The GDGPS System is driven by a powerful software set, developed completely in-house at JPL, and possessing many unique features and capabilities. The C++ software evolved from one of the world's leading GPS data processing and analysis software packages, JPL's GIPSY-OASIS and its real-time version RTG (Real Time GIPSY). The GDGPS software elements have accumulated a remarkable track record of accomplishments, including:
Used as prototype for the FAA's Wide Area Augmentation System (WAAS)

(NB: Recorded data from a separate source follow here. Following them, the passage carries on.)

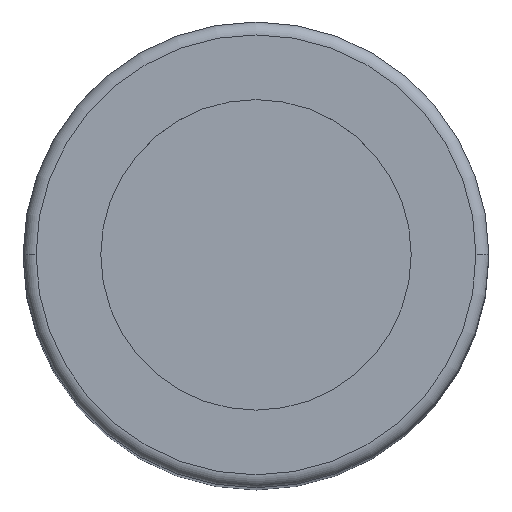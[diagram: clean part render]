
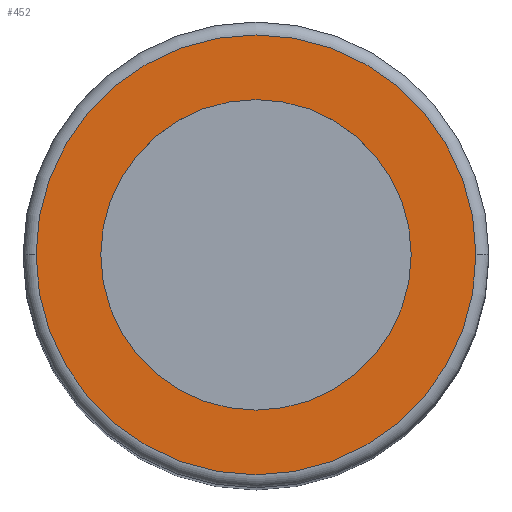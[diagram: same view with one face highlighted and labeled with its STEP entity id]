
A CAD part, top view. The second image highlights one B-rep face of the part: STEP entity #452.
In plain terms, the highlighted planar face has unit normal (0, 0, 1).
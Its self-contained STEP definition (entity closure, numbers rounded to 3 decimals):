
#56=CARTESIAN_POINT('',(0.,0.,0.));
#57=DIRECTION('',(0.,0.,1.));
#58=DIRECTION('',(1.,0.,0.));
#59=AXIS2_PLACEMENT_3D('',#56,#57,#58);
#65=CARTESIAN_POINT('',(0.,0.,0.));
#66=DIRECTION('',(0.,0.,1.));
#67=DIRECTION('',(-1.,0.,0.));
#68=AXIS2_PLACEMENT_3D('',#65,#66,#67);
#73=CARTESIAN_POINT('',(0.,0.,0.));
#74=DIRECTION('',(0.,0.,1.));
#75=DIRECTION('',(1.,0.,0.));
#76=AXIS2_PLACEMENT_3D('',#73,#74,#75);
#81=CARTESIAN_POINT('',(0.,0.,0.));
#82=DIRECTION('',(0.,0.,1.));
#83=DIRECTION('',(-1.,0.,0.));
#84=AXIS2_PLACEMENT_3D('',#81,#82,#83);
#403=CARTESIAN_POINT('',(8.5,0.,0.));
#404=CARTESIAN_POINT('',(-8.5,0.,0.));
#405=VERTEX_POINT('',#403);
#406=VERTEX_POINT('',#404);
#431=CARTESIAN_POINT('',(6.,0.,0.));
#432=CARTESIAN_POINT('',(-6.,0.,0.));
#433=VERTEX_POINT('',#431);
#434=VERTEX_POINT('',#432);
#435=CARTESIAN_POINT('',(0.,0.,0.));
#436=DIRECTION('',(0.,0.,1.));
#437=DIRECTION('',(1.,0.,0.));
#438=AXIS2_PLACEMENT_3D('',#435,#436,#437);
#439=PLANE('',#438);
#441=ORIENTED_EDGE('',*,*,#440,.F.);
#443=ORIENTED_EDGE('',*,*,#442,.F.);
#444=EDGE_LOOP('',(#441,#443));
#445=FACE_OUTER_BOUND('',#444,.F.);
#447=ORIENTED_EDGE('',*,*,#446,.T.);
#449=ORIENTED_EDGE('',*,*,#448,.T.);
#450=EDGE_LOOP('',(#447,#449));
#451=FACE_BOUND('',#450,.F.);
#452=ADVANCED_FACE('',(#445,#451),#439,.T.);
#60=CIRCLE('',#59,8.5);
#69=CIRCLE('',#68,8.5);
#77=CIRCLE('',#76,6.);
#85=CIRCLE('',#84,6.);
#440=EDGE_CURVE('',#405,#406,#60,.T.);
#442=EDGE_CURVE('',#406,#405,#69,.T.);
#446=EDGE_CURVE('',#433,#434,#77,.T.);
#448=EDGE_CURVE('',#434,#433,#85,.T.);

Awarded NASA Software of the Year 2000
Flew in space, embedded in a JPL Blackjack GPS receiver, performing real-time onboard orbit determination, 2002
Inducted into the Space Technology Hall of Fame, 2004
The current version of the software, entitled RTGx, will be the navigation software for the Next Generation GPS Operational Control Segment (OCX), and was developed under the strict quality assurance processes as appropriate for its critical mission at the heart of the world's most important infrastructure.
Complete automation. End-to-end automatic operations.

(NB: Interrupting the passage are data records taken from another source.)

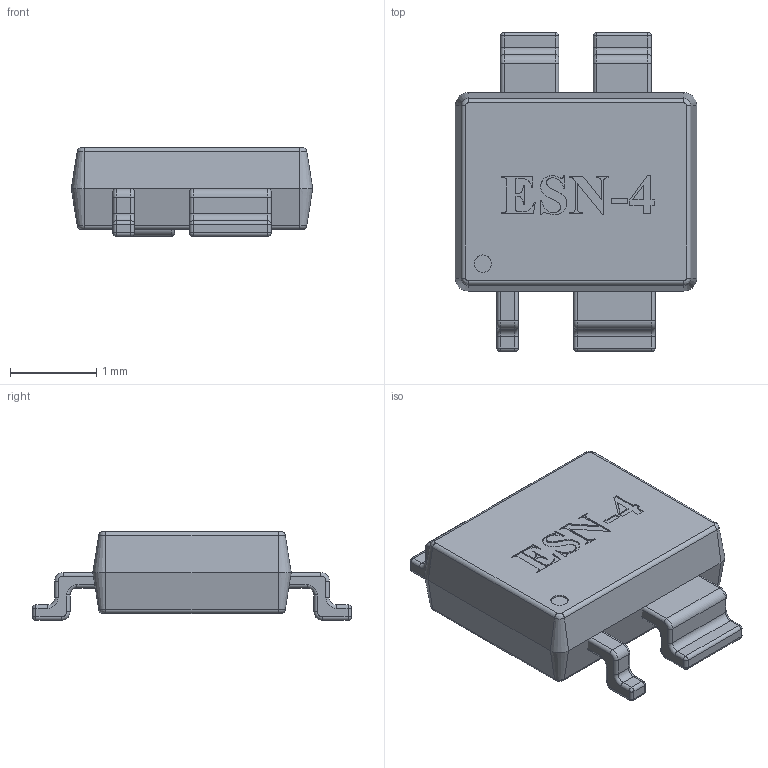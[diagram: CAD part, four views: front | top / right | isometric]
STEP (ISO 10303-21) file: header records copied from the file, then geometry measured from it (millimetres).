
FILE_DESCRIPTION(('FreeCAD Model'),'2;1');
FILE_NAME('Open CASCADE Shape Model','2024-01-18T02:45:30',(''),(''), 'Open CASCADE STEP processor 7.6','FreeCAD','Unknown');
FILE_SCHEMA(('AUTOMOTIVE_DESIGN { 1 0 10303 214 1 1 1 1 }'));
Length unit declared in the file: millimetre
Products named in the file (6): ESN4; Body006; Leg1; Leg2; Leg3; Leg4
Assembly tree (5 placements, depth 2):
  ESN4
    Body006
    Leg1
    Leg2
    Leg3
    Leg4
Bounding box: 2.8 x 3.7 x 1.03 mm (x, y, z)
Volume: 6.5 mm3; surface area: 31.2 mm2
Topology: 5 solids, 5 shells, 341 faces, 836 edges, 496 vertices
Faces by surface type: plane 117, cylinder 97, extrusion 63, torus 32, sphere 16, cone 8, revolution 8
Full cylindrical faces by diameter (mm): 0.2 x1
Entity records: 10195 total; most frequent: CARTESIAN_POINT 2270, ORIENTED_EDGE 1640, DIRECTION 1531, EDGE_CURVE 820, VECTOR 511, AXIS2_PLACEMENT_3D 506, VERTEX_POINT 496, LINE 448

Complete positioning system. The software handles all aspects of a complete real time global positioning system, including GNSS orbit determination and simultaneous network positioning. Embedded, the software performs user positioning and orbit determination. Supports real-time applications as well as post-processing applications. Simulations capability.

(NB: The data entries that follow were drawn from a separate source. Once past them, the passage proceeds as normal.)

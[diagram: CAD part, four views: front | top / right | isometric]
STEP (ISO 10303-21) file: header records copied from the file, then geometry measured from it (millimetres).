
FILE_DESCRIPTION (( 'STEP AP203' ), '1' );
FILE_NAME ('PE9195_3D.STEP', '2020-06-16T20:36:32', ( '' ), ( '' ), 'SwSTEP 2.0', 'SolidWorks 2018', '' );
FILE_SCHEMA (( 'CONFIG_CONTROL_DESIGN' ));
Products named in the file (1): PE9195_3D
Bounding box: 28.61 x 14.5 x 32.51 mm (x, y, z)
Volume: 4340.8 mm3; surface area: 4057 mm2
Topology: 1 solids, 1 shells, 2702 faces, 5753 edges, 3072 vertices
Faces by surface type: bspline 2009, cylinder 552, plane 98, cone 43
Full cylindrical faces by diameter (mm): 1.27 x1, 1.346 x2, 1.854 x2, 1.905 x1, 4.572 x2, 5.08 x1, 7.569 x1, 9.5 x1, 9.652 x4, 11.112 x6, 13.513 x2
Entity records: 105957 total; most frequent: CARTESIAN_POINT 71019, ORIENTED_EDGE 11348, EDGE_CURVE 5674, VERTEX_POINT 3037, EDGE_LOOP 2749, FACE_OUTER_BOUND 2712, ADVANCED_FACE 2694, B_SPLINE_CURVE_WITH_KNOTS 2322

Highly portable. The software is regularly tested on multiple flavors of Linux. Various positioning modules have been ported to several embedded real-time environments, including flight receivers.
Versatile. Works with many types of popular geodetic receivers. Flexible adaptation layer makes it easy to accommodate new receiver types.
Visual aids. Real time graphic display of performance using network monitoring tools and internal quality control.
Object Oriented C++ and Python for portability and maintainability.
Modularity. Highly modular code to support embedded as well as ground applications.
Reliability. Outstanding track record of continuous operations.
Accuracy. All models are sub-cm accurate for the most demanding science applications.
Maintainability. Designed for operations by a third party and for team maintenance. Configuration control management.
Parallelized architecture (MPI) enables real-time solutions to massive estimation problems, e.g., multiple GNSS constellations.
State-space architecture guarantees seamless global uniformity of the differential corrections
Innovative use of the internet to achieve robustness through redundancy
Unique satellite dynamics and signal models developed in house at JPL
Efficient GNSS data compression
Innovative system for end-to-end redundant operations provides high reliability
Uniquely flexible filter design allows any parameter to have stochastic attributes
Capable of adding satellites/receivers on the fly
Unique dynamics integrator supports very high orbit modeling accuracy
Tropospheric delay model and stochastic estimation capability for users or reference sites
Exploit full information content of phase data
Real time playback
Software protected by multiple U.S. and non-U.S. patents